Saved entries
Content starts
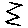
Label: zigzag
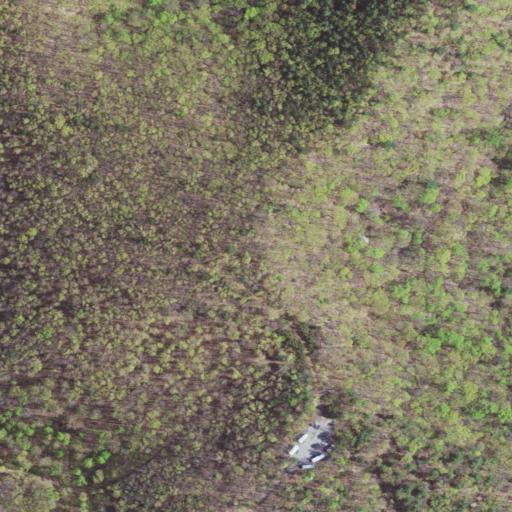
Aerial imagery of mountain in Virginia named Craig Mountain containing deciduous forest, mixed forest, open development, shrub, and low intensity development
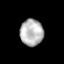
Tissue: prostate
Cell type: Epithelial cells
Senescence score: 0.3548
Nuclear area (px): 603
Mean DAPI intensity: 182.028
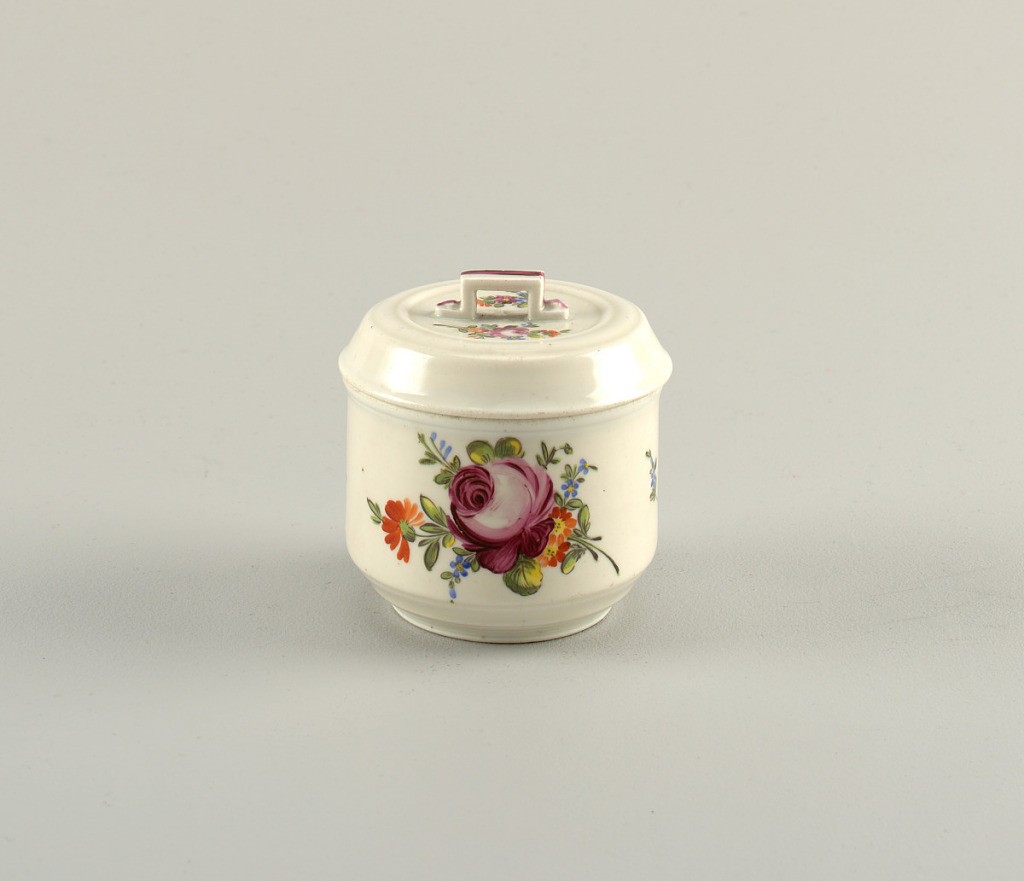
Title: Sugar Bowl
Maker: Wallendorf Porcelain Manufactory, German, established 1764
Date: ca. 1800
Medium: hard paste porcelain, vitreous enamel
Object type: sugar bowl
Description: Cylindrical; molded flat cover with rectangular strap handle. Overglaze polychrome decoration of flowers.
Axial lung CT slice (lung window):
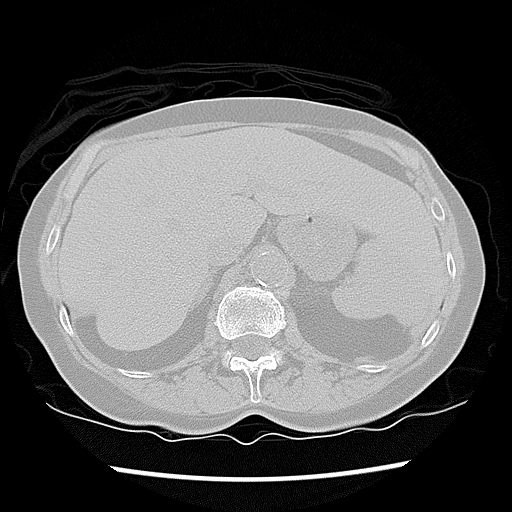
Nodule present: no
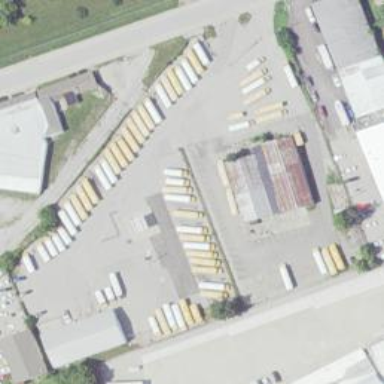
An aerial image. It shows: Industrial bus depot.
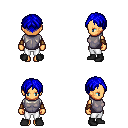
a pixel art fantasy rpg character, female body template, human, tanned skin, steel chest armor, white pants, blue parted hairstyle, leather bracers, black shoes, four views (front, back, left, right), 2x2 character sprite sheet, small pixel art, hard edges, no anti-aliasing
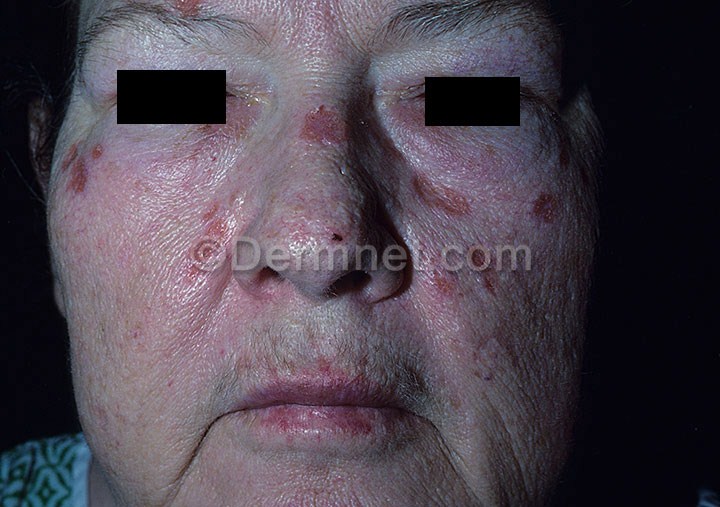
Disease: Light Diseases and Disorders of Pigmentation
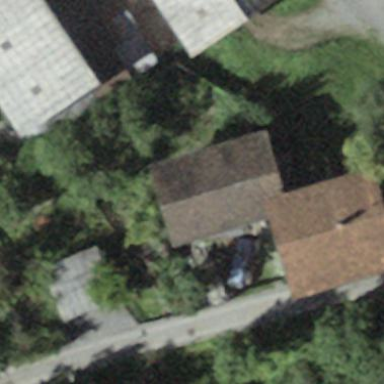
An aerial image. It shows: Gabled building.
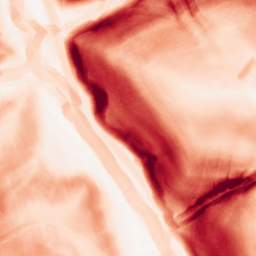
Category: morphological
Decomposition family: morphological_gradient
Decomposition parameters: size: 7
shape: diamond
Upsampling method: bspline
Upsampling parameters: scale: 8
Upsampling scale: 8
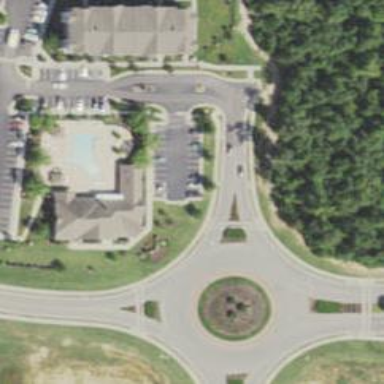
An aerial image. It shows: Marked crossing on the road.
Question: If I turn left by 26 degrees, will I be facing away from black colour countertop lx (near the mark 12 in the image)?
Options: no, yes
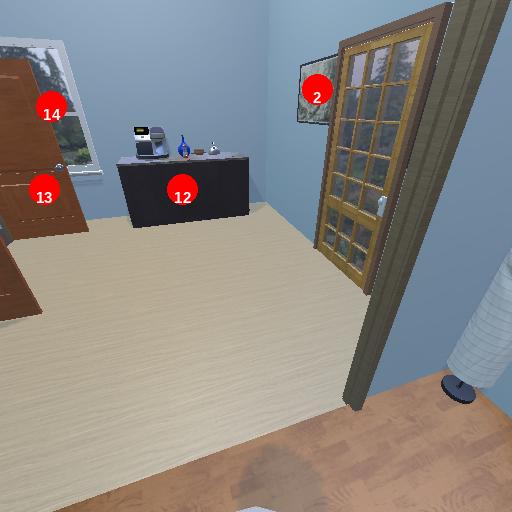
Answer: no
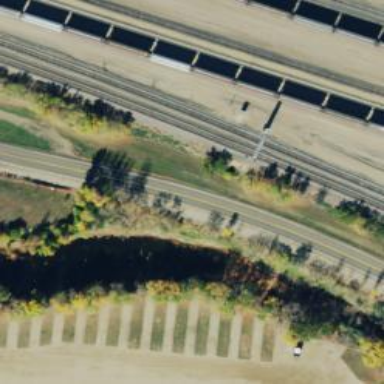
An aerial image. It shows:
Content ends
▶ _TASK REQUIREMENTS_: Starting with the line that contains "An aerial image. It shows: Marked", print every remaining line of the records above, exactly as it stands. Do not print the pictures.

▶ _EXERCISE SOLUTION_:
An aerial image. It shows: Marked crossing on the road.
Question: If I turn left by 26 degrees, will I be facing away from black colour countertop lx (near the mark 12 in the image)?
Options: no, yes
Answer: no
An aerial image. It shows:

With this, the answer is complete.